***** Records for this task

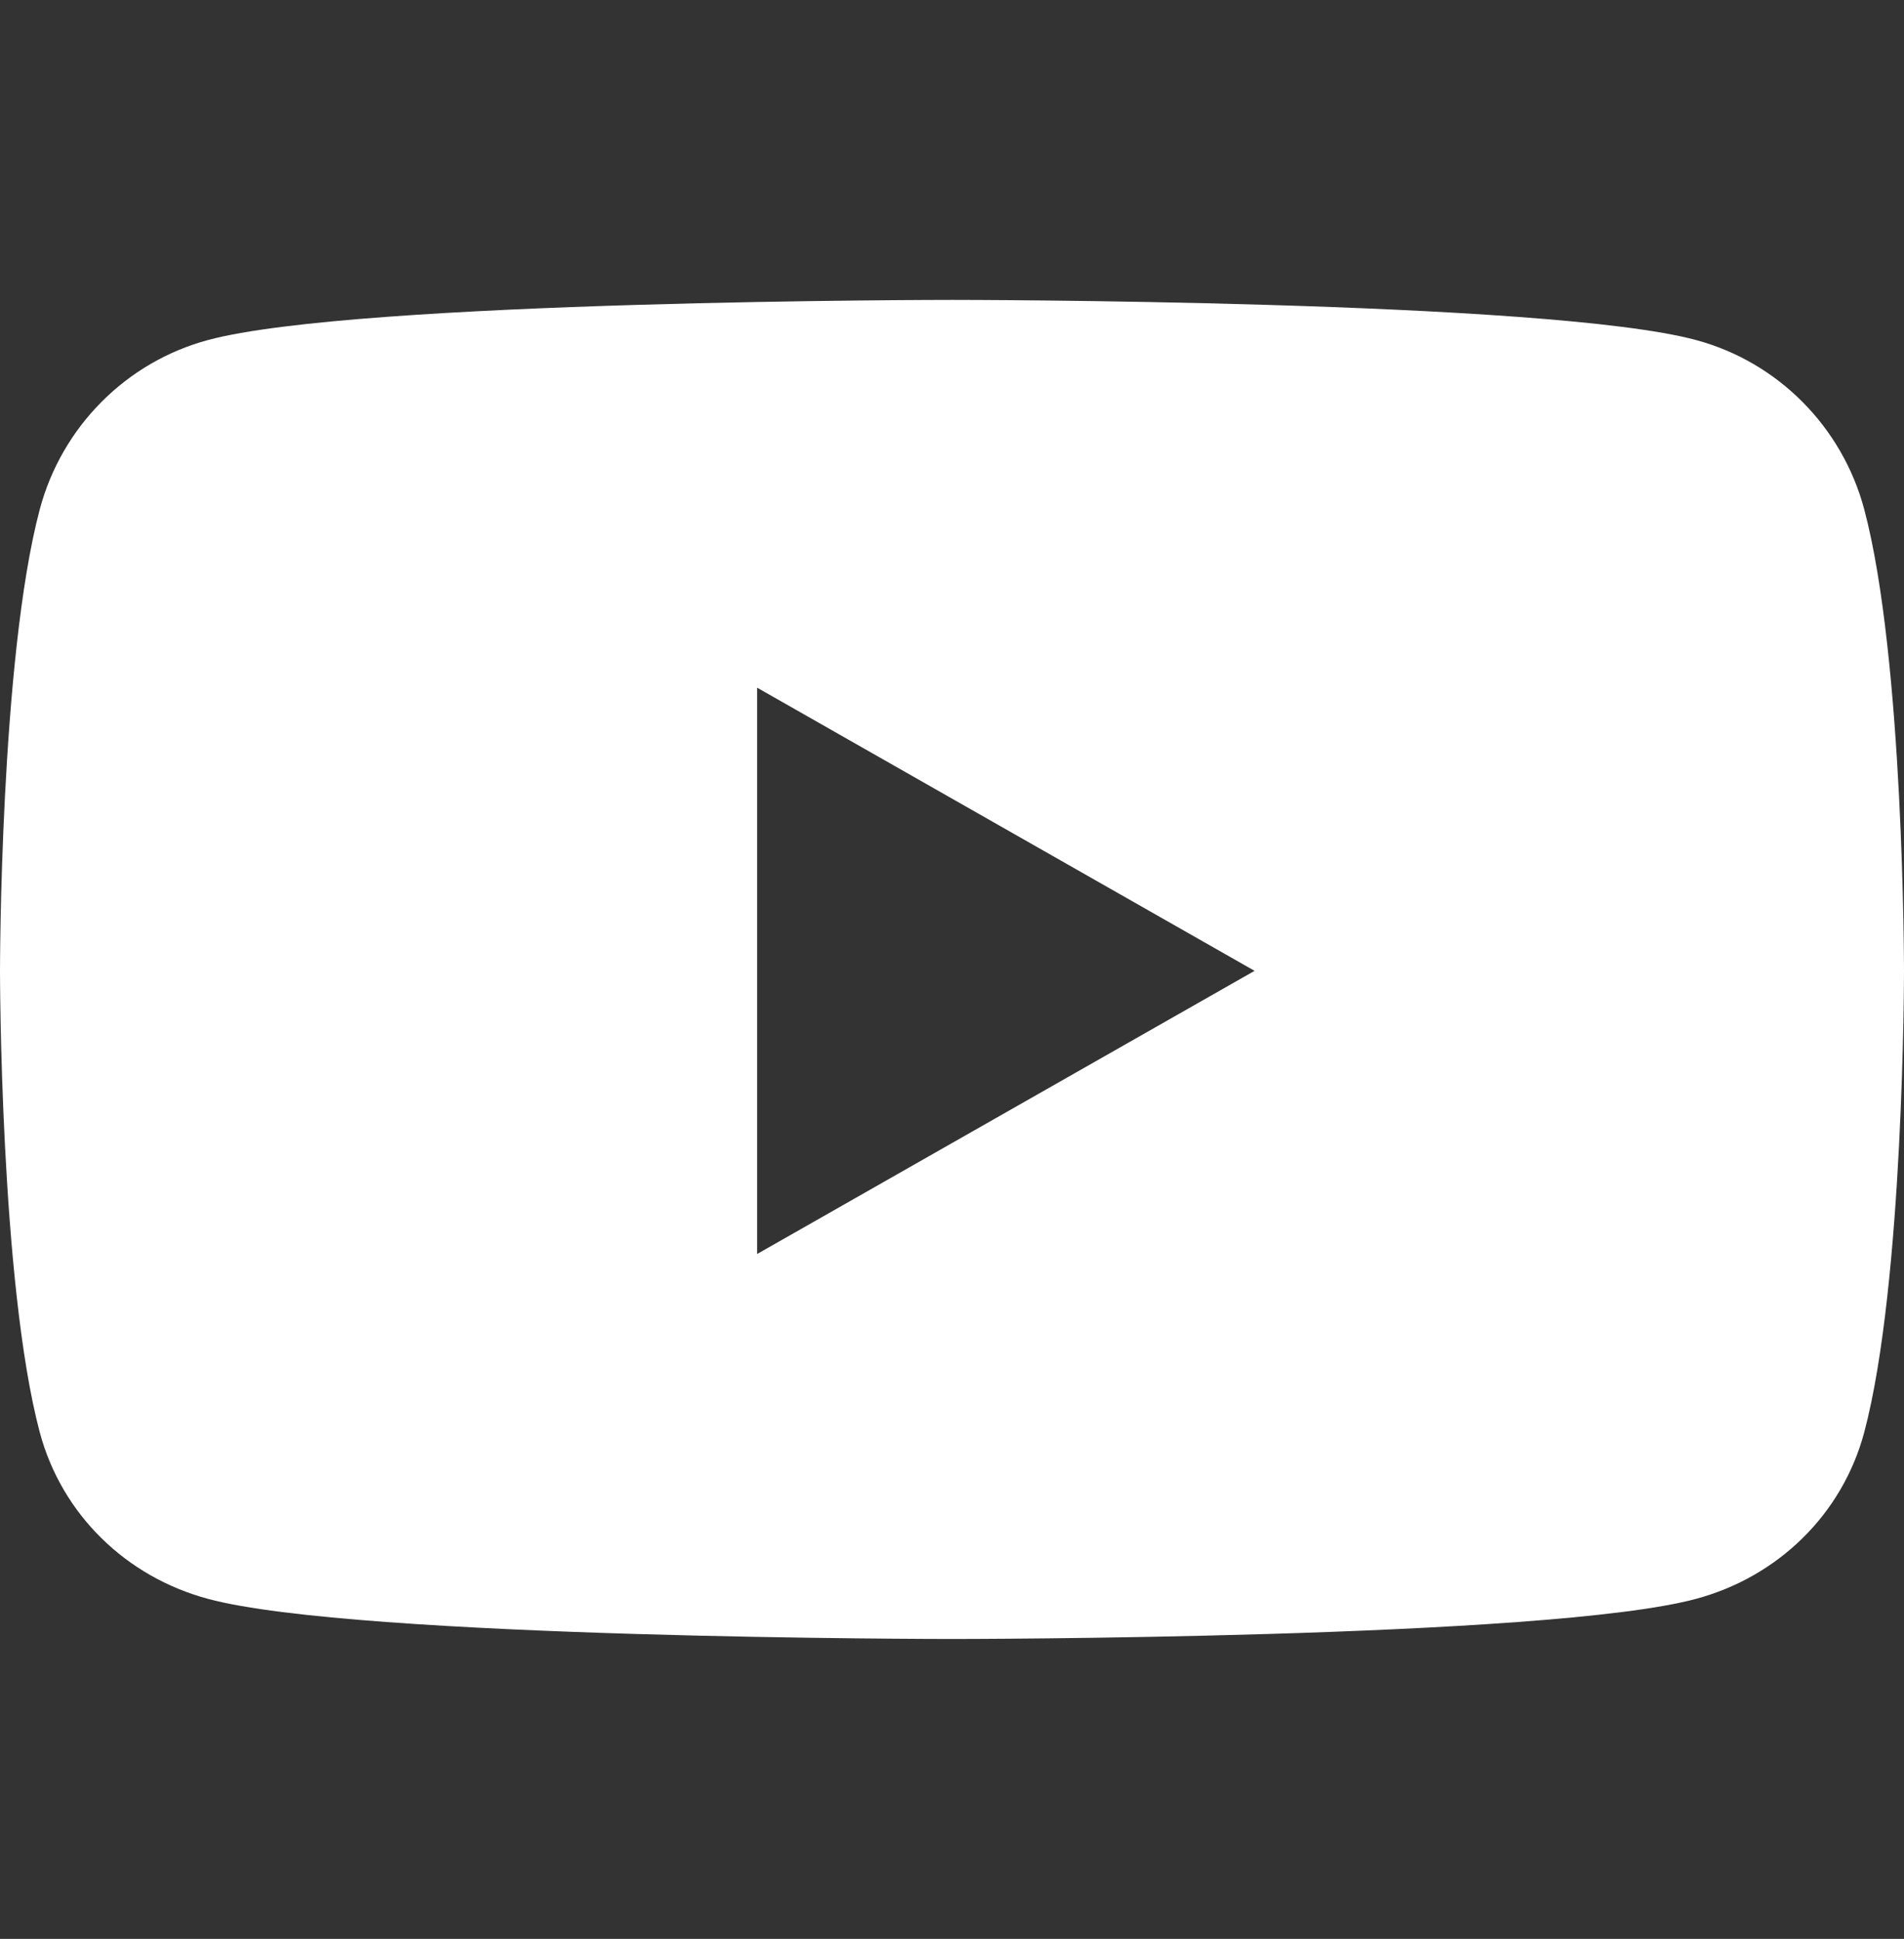 <?xml version="1.0" encoding="utf-8"?>
<!-- Generator: Adobe Illustrator 24.2.0, SVG Export Plug-In . SVG Version: 6.00 Build 0)  -->
<svg version="1.1" id="Layer_1" focusable="false" xmlns="http://www.w3.org/2000/svg" xmlns:xlink="http://www.w3.org/1999/xlink"
	 x="0px" y="0px" viewBox="0 0 546.2 556" style="enable-background:new 0 0 546.2 556;" xml:space="preserve">
<rect x="0" y="0" width="546.2" height="556" fill="#333333" stroke="none"/>
<style type="text/css">
	.st0{fill:#FFFFFF;}
</style>
<path class="st0" d="M534.8,146.1c-6.3-23.7-24.8-42.3-48.3-48.6C443.9,86,273.1,86,273.1,86S102.3,86,59.7,97.5
	c-23.5,6.3-42,24.9-48.3,48.6C0,189,0,278.4,0,278.4s0,89.4,11.4,132.3c6.3,23.6,24.8,41.5,48.3,47.8C102.3,470,273.1,470,273.1,470
	s170.8,0,213.4-11.5c23.5-6.3,42-24.2,48.3-47.8c11.4-42.9,11.4-132.3,11.4-132.3S546.2,188.9,534.8,146.1z M217.2,359.6V197.2
	l142.7,81.2L217.2,359.6L217.2,359.6z"/>
</svg>

**********

Set down every record above exactly as it stands, but skip the pictures.

 <?xml version="1.0" encoding="utf-8"?>
<!-- Generator: Adobe Illustrator 24.2.0, SVG Export Plug-In . SVG Version: 6.00 Build 0)  -->
<svg version="1.1" id="Layer_1" focusable="false" xmlns="http://www.w3.org/2000/svg" xmlns:xlink="http://www.w3.org/1999/xlink"
	 x="0px" y="0px" viewBox="0 0 546.2 556" style="enable-background:new 0 0 546.2 556;" xml:space="preserve">
<rect x="0" y="0" width="546.2" height="556" fill="#333333" stroke="none"/>
<style type="text/css">
	.st0{fill:#FFFFFF;}
</style>
<path class="st0" d="M534.8,146.1c-6.3-23.7-24.8-42.3-48.3-48.6C443.9,86,273.1,86,273.1,86S102.3,86,59.7,97.5
	c-23.5,6.3-42,24.9-48.3,48.6C0,189,0,278.4,0,278.4s0,89.4,11.4,132.3c6.3,23.6,24.8,41.5,48.3,47.8C102.3,470,273.1,470,273.1,470
	s170.8,0,213.4-11.5c23.5-6.3,42-24.2,48.3-47.8c11.4-42.9,11.4-132.3,11.4-132.3S546.2,188.9,534.8,146.1z M217.2,359.6V197.2
	l142.7,81.2L217.2,359.6L217.2,359.6z"/>
</svg>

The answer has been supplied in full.